Murat Bey’in buradan ne garip bir surette İstanbul’a gittiğini çabucak unutuyorsun ve ona ehemmiyet vermeğe kalkıyorsun. Onu kandırarak buradan İstanbul’a götüren Ahmet Paşa’ya bir mektup yazdık ve verdiği vaatlerin nerede kaldığını kendisine hatırlattık. Şimdiye kadar cereyan eden ahval burada tekrar neşriyata başlamak için bize hak vermektedir. Artık bundan sonra İstanbul’da bir şey olacağı yoktur. Böylece bekleyecek olursak cemiyetimiz daima zarar görecektir. Beklemekten bir fayda hasıl olacağını gösterirsen eyvallah derim.
Bak, geçen gün Trablusgarp’tan bir mektup aldım. Oradakilerin hepsi, yani 78 kişi birden, bir kovuş içinde yatıyorlarmış. Bizim arkadaşlardan Ali dahi idama mahkum olanlar arasında imiş. Hali keyfiyet bu merkezde iken menfadaki arkadaşlar kurtulacaklar diye daha fazla beklemek muvafık mıdır?
İstanbul’dan gelen haberlere bakılacak olursa Murat Bey orada mükemmel bir hayat geçiriyormuş. Kendisine on bin kuruş cebi hümayundan ve yedi bin kuruş da hazine-i maliyeden maaş tahsis edilmiştir. O, İstanbul’a menfadaki arkadaşlarımızı kurtarmak için gitmişti. Halbuki ceplerini doldurmak için gitmiş oluyor. Menfada sürünenlerle meşgul olduğu yoktur.
Bundan bir ay evvel gelen haberlerde aff-ı umuminin ilan edileceği ve Taşkışla’da mahpus olan arkadaşların serbest bırakılacağı bildirilmişti. Murat Bey’in para aldığı teeyyüt ettiği halde Taşkışla’dakilerin serbest bırakılması şeyle dursun, onlara daha bir çok arkadaşlar ittifak etmeğe mecbur edildiler.

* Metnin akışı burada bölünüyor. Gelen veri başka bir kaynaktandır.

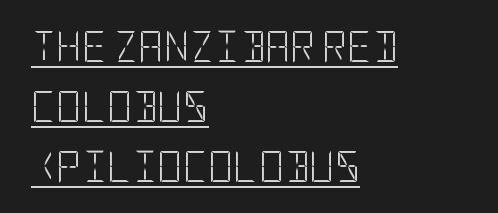
{"serif": "no", "italic": "no", "bold": "no", "weight": "light", "width": "condensed", "stroke_contrast": "low", "x_height": "large", "underline": "yes", "align": "left", "line_spacing": "loose", "line_spacing_ratio": 1.93, "letter_spacing": "normal", "letter_spacing_em": 0.0, "glyph_px": 31}

Abdülhamid 1896’da Ermenilerin ihtilali ve 1897 de Yunan Muharebesi ile meşgul olmakla beraber memleket dahilinde ve haricinde uğraşan Genç Türkleri tazyik etmeğe de vakit bulabiliyordu. Onlara karşı müsaadekarane hareket etmeği hatırına bile getirmiyordu.